Execute the program for a single cycle and then update the display. Very useful for following your program's operation instruction-by-instruction.
Undo the last cycle and update the display. Very useful after clicking the single cycle button more times than intended. This button can only go back a limited number of steps.
Display the animated datapath in place of the programmer's panel
Display the programmer's panel in place of the animated datapath

To switch between the editor and simulation panes, use the "Editor" and "Simulation" buttons at the top left of the window. "Split" will divide the screen evenly between the two. It is also possible to drag the dividers between panes to resize them individually. When both the editor and simulation panes are visible, clicking "Assemble" will not alter the layout of the window.

If .options tty is specified by the program, the small typeout window at the bottom of the simulation pane may be accessed by the running program. You can output characters to this window by executing a WRCHAR() instruction after placing the character value in R0. The tty option also allows for type-in: any character typed by the user causes an interrupt to location 12; RDCHAR() can be used to fetch the character value into R0. Clicking the mouse will cause an interrupts to location 16; CLICK() can be used to fetch the coordinates of the last click into R0. The coordinates are encoded as (x<<16)+y, or –1 if there has been no mouse click since the last call to CLICK().

If .options clock is specified by the program, an interrupt to location 8 is generated every 10,000 cycles. (Remember though that interrupts are disabled until the program enters user mode — see section 6.3 of the Beta documentation.)

BSim Cache Simulation

Clicking on in the BSim simulation pane shows the cache control panel:

The control panel is organized as three sections: left-to-right they are cache configuration, cache details, and cache statistics.

There are six cache controls, all of which can be used while the simulator is running, so you can change the cache parameters on-the-fly. Changes to the controls will reset the statistics.

The following cache details are provided:

The following cache statistics are computed; the table is updated while the simulation is running. Ifetch = instruction fetches, Dread = read data loads generated by LD/LDR instructions, Dwrite = write data stores generated by the ST instruction.

Introduction to assembly language

BSim incorporates an assembler: a program that converts text files into binary memory data.

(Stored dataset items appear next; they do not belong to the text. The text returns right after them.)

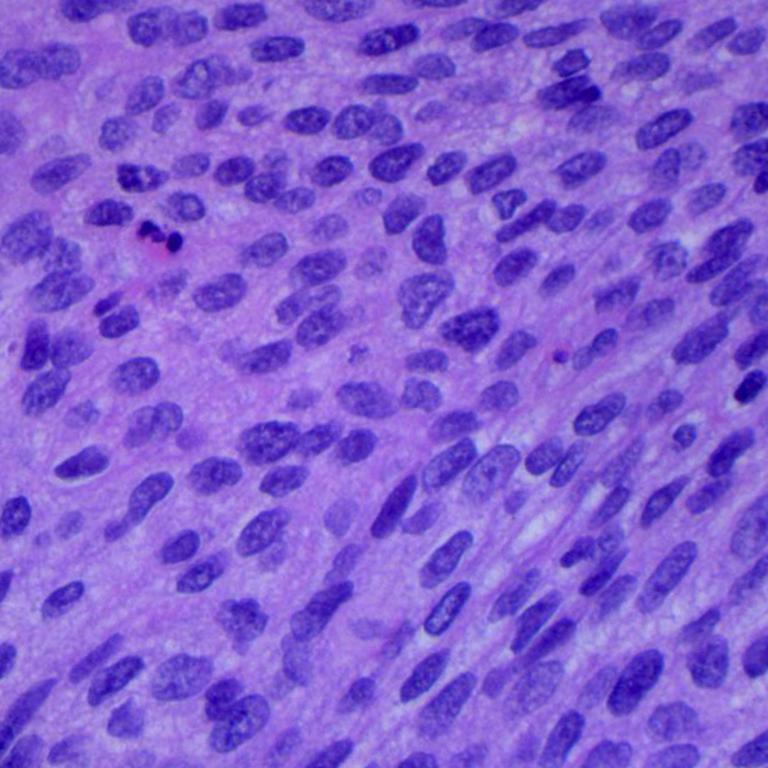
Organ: lung
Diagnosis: squamous carcinomas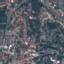
Land use / land cover class: Residential

The simplest assembly language program is a sequence of numerical values which are converted to binary and placed in successive byte locations in memory:

        // Comments begin with a double slash and end at a newline
        /* Multi-line comments are also available, and continue until
        reaching the termination sequence, */
        
        37  3   255     // decimal (the default radix)
        0b100101        // binary (note the 0b prefix)
        0x25            // hexadecimal (note the 0x prefix)
        'a'             // character constants
      

Values can also be expressions; e.g., the source file

        37+0b10–0x10    24 – 0x1  4*0b110–1   0xF7 % 0x20
      
generates 4 bytes of binary output, each with the value 23. Note the operators have no precedence – you have to use parentheses to avoid simple left-to-right evaluation. The available operators are

OperatorOperation
unary minus
~bit-wise complement
&bit-wise AND
|bit-wise OR
+addition
subtraction
*multiplication
/division
%modulo (result is always positive!)
>>right shift
<<left shift

We can also define symbols for use in expressions:

        x = 0x1000       // address in memory of variable X
        y = 0x10004      // another address

        // Symbolic names for registers
        R0 = 0
	R1 = 1
	…
	R31 = 31
      

Note that symbols are case-sensitive: Foo and foo are different symbols. A special symbol named "." (period) means the address of the next byte to be filled by the assembler:

        . = 0x100        // assemble into location 0x100
        1  2  3  4
        five = .         // symbol five has the value 0x104
        5  6  7  8
        . = . + 16       // skip 16 bytes
        9 10 11 12
      

Labels are symbols that represent memory address. They can be set with the following special syntax:

        X:               // this is an abbreviation for X = .
      
For example the table on the left shows what main memory will contain after assembling the program on the right.
        ---- MAIN MEMORY ----         
        byte:  3  2  1  0
        . = 0x1000
        1000: 09 04 01 00            sqrs:  0 1 4 9
        1004: 31 24 19 10                   16 25 36 49
        1008: 79 64 51 40                   64 81 100 121
        100C: E1 C4 A9 90                   144 169 196 225
        1010: 00 00 00 10            slen:  LONG(. – sqrs)
      

Macros are parameterized abbreviations:

        // macro to generate 4 consecutive bytes
        .macro consec(n) n n+1 n+2 n+3

        // invocation of above macro
        consec(37)
      
The macro invocation above has the same effect as
        37 38 39 40
      
Note that macros evaluate their arguments and substitute the resulting value for occurrences of the corresponding formal parameter in the body of the macro. Here are some macros for breaking multi-byte data into byte-size chunks
        // assemble into bytes, little-endian format
        .macro WORD(x) x%256 (x/256)%256
        .macro LONG(x) WORD(x) WORD(x>>16)
            LONG(0xdeadbeef)
which has the same effect as
  0xef 0xbe 0xad 0xde
The body of the macro includes the remainder of the line on which the .macro directive appears. Multi-line macros can be defined by enclosing the body in "{" and "}".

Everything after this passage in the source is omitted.